Ia menyebut kondisi ini menjadi tanda bahwa perlindungan terhadap anak harus diperkuat, terutama melalui edukasi dan keberanian melapor.
Di samping kasus-kasus tersebut, Polres Kutim juga menangani 2 laporan dugaan kekerasan terhadap anak, 4 kasus kekerasan dalam rumah tangga (KDRT), 1 laporan perzinahan, serta 1 laporan pemerkosaan. Seluruh laporan sedang dalam proses penanganan sesuai ketentuan hukum.
Untuk memastikan pemulihan korban, Polres Kutim bekerja sama dengan UPTD Perlindungan Perempuan dan Anak (UPTD PPA) serta Dokes Polres Kutim.

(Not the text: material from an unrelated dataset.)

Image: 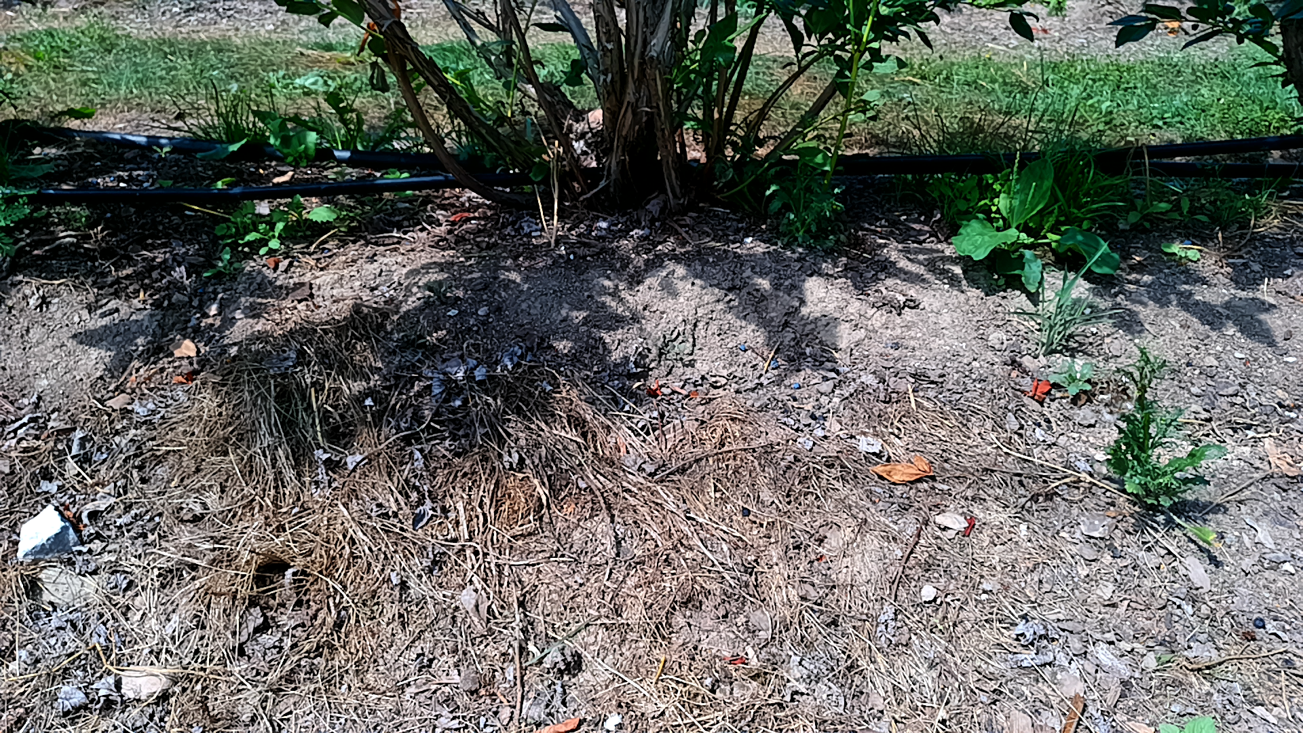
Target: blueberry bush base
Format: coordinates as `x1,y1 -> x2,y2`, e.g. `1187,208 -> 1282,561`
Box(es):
405,22 -> 835,263

Pendampingan psikologis, termasuk layanan trauma healing gratis, diberikan secara berkala bagi korban, khususnya anak-anak.
“Kami berkoordinasi dengan Dinas Pemberdayaan Perempuan dan Perlindungan Anak Kutim untuk pemulihan mental korban. Bila ada anak yang mengalami trauma berat akibat pelecehan maupun pencabulan, silakan hubungi kami. Trauma healing kami berikan gratis,” terang Ardian.
Ia menegaskan komitmen Polres Kutim untuk menindaklanjuti setiap laporan secara cepat sekaligus menjaga keamanan dan kerahasiaan identitas korban maupun pelapor.
“Kami mengimbau masyarakat untuk berani melapor apabila mengetahui adanya tindakan kekerasan. Keamanan dan kerahasiaan identitas korban maupun pelapor pasti kami lindungi,” tegasnya.
Meski langkah penanganan berjalan, tingginya angka kasus yang melibatkan anak di Kutim menunjukkan perlunya pendekatan pencegahan yang lebih kuat, baik di lingkungan keluarga, sekolah, maupun masyarakat.